Я сижу, слушаю Ивана и думаю: «Что за люди в городе живут, видно, ничего не боятся!» И в голове возникает вдруг частушка, которую я люблю петь: «Ничего я не боюсь: ни ножа, ни камня. Дак пусть попробуют убьют молодого парня!»

А Иван продолжает, и я не могу оторваться от разговора:

— А окна в домах — как ворота: на лошади можно въехать. А дороги в городе такой, как в деревне, нет. Там либо булыжник, камень такой гладкий, и где они его берут — не скажу, врать но хочу, не знаю, а то и деревянная дорога делается из настилов или чурбаков. А по бокам — деревянные тротуары. Это чтобы народ ходил. Из досок. Идешь как по полу в избе.

— Дак ведь, говорят, и на Большом Перелазе эти тротуары делают? — спрашивает Василий.

— Погодите, — предупреждает бабка Парашкева, — еще и птицы залезные будут летать. Уже залезную дорогу придумали. Вот копоти-то разведут, как в кузнице!
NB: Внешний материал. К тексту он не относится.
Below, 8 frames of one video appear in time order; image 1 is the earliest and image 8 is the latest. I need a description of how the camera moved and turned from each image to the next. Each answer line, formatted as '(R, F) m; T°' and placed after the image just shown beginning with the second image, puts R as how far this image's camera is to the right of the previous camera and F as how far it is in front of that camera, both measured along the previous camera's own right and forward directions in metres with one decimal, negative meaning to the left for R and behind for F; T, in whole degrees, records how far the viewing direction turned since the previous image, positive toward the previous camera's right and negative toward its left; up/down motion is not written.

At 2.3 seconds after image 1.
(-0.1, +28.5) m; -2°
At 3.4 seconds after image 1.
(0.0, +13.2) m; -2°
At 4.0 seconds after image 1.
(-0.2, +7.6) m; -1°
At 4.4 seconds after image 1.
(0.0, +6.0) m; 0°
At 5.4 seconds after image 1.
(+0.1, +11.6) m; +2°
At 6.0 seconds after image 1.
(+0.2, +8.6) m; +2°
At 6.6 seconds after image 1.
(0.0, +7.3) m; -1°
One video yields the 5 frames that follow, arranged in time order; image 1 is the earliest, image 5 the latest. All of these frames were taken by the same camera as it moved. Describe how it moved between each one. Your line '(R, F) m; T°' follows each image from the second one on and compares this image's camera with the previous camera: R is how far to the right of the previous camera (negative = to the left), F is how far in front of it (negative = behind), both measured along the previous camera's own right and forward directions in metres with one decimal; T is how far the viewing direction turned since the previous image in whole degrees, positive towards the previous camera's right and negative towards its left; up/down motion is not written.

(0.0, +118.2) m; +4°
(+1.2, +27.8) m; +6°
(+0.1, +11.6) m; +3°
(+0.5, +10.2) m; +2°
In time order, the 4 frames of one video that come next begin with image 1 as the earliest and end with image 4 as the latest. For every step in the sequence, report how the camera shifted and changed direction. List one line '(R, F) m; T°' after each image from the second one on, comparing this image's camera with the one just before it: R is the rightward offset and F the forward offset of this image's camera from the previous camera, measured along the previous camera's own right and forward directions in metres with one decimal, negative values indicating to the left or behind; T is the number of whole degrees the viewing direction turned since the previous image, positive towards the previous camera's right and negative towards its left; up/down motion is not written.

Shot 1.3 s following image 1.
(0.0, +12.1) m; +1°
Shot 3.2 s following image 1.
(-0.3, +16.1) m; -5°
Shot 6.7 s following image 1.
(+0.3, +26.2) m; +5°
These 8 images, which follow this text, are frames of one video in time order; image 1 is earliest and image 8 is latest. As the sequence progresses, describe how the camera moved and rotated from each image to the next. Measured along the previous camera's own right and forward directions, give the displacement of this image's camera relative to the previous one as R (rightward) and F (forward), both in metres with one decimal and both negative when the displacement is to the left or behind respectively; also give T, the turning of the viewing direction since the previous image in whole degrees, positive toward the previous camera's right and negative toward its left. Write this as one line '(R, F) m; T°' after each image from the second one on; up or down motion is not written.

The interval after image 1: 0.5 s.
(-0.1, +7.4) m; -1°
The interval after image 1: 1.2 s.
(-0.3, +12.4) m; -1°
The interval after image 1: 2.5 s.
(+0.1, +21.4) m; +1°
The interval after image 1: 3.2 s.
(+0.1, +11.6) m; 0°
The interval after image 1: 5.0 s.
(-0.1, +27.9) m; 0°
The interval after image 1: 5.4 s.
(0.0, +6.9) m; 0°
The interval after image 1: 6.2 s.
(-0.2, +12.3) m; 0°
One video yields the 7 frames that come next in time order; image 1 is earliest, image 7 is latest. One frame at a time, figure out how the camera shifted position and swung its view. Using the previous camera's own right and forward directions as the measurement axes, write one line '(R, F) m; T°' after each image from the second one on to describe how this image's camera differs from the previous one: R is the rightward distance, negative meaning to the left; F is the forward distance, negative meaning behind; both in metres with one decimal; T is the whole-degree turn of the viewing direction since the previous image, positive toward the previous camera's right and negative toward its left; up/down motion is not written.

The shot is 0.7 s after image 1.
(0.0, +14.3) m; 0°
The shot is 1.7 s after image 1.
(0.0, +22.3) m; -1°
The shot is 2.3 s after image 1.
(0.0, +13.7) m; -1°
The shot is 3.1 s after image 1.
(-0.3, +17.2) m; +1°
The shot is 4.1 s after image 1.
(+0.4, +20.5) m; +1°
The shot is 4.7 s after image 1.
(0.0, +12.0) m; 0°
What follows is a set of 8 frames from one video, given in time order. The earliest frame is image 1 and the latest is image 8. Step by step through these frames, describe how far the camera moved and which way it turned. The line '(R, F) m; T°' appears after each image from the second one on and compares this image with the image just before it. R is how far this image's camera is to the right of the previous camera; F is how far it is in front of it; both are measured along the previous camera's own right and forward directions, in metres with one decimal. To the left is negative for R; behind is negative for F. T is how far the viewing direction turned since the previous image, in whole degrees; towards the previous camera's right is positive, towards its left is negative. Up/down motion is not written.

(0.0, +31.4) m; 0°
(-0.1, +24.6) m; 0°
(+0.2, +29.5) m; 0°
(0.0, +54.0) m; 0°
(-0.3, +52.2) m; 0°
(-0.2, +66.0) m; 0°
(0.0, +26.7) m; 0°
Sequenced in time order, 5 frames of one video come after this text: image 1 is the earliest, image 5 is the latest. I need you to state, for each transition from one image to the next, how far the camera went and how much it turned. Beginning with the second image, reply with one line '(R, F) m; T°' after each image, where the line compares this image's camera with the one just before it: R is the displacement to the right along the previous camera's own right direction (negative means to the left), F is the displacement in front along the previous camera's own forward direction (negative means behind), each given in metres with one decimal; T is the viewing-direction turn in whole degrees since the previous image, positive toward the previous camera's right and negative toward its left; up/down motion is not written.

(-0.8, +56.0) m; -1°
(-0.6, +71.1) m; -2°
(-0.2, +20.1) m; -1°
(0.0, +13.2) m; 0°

Мне интересно узнать, какая она, эта железная дорога, по которой Иван в губернию ехал. Я думаю, что эта дорога из железа сделана. Но боюсь спросить — отец не любит, чтобы перебивали. Он уже и так на бабку Парашкеву косо смотрит. Я решаю, что как-нибудь у Ивана спрошу, когда отца не будет.

— А на площади, посередке, чтобы со всех сторон видно было, — продолжает Иван, — столб стоит каменный, а на нем птица железная.

— Это колонна называется, — подсказывает отец.

— А на другой площади царь на лошади, — говорит Иван. — И царь и лошадь из железа или из меди. Говорят, целый век уже стоит, и зимой и летом, и ниче с ним не делается. А бывает, что ангел с крыльями, тоже железный. А у других богатых домов мужики голые из камня стоят, согнулись тяжело, будто крыльцо плечами и руками поддерживают. А у иных домов у самого входа собаки большие из камня сидят — дом охраняют. Страшно мимо пройти, не то что в дом заглянуть или, не дай бог, взойти.